Answer:
Consider the following calculations
Explanation:
People end up tossing 12% of what they buy at the grocery store (Reader's Digest, March, 2009). Assume this is the true population proportion and that you plan to take a sample survey of 540 grocery shoppers to further investigate their behavior.
a- Show the sampling distribution of ( p¯ ), the proportion of groceries thrown out by your sample respondents
sampling distribution of ( p¯ ) is normal with
mean = 0.12 and
standard error = sqrt(p(1-p)/n) = sqrt(0.12*0.88/540) =0.0140
b- what is the probability that the sample proportion will be within ±.03 of the population proportion?

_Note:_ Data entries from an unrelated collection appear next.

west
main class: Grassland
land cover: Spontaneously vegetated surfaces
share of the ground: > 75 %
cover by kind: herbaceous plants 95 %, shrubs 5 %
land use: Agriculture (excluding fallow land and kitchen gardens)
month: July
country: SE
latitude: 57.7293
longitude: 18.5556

z value for 0.03 difference, z=0.03/0.014 =2.14
The required P= P( -2.14<z<2.14) = P( z <2.14) – P( z <-2.14)
=0.9838 - 0.0162
=0.9676
c- what is the probability that your survey will provide a sample proportion within ±.015 of the population proportion?

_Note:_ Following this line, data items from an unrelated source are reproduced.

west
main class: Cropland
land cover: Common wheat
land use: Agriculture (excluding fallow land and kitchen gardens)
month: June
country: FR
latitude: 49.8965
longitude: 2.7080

z value for 0.015 difference, z=0.015/0.014 =1.07
The required P= P( -1.07<z<1.07) = P( z <1.07) – P( z <-1.07)
=0.8577 - 0.1423
=0.7154
d- What would be the effect of taking a larger sample on the probabilities in parts (b) and (c)? Why?
Taking a larger sample will decrease the standard error. The probabilities in parts (b) and (c) will increase.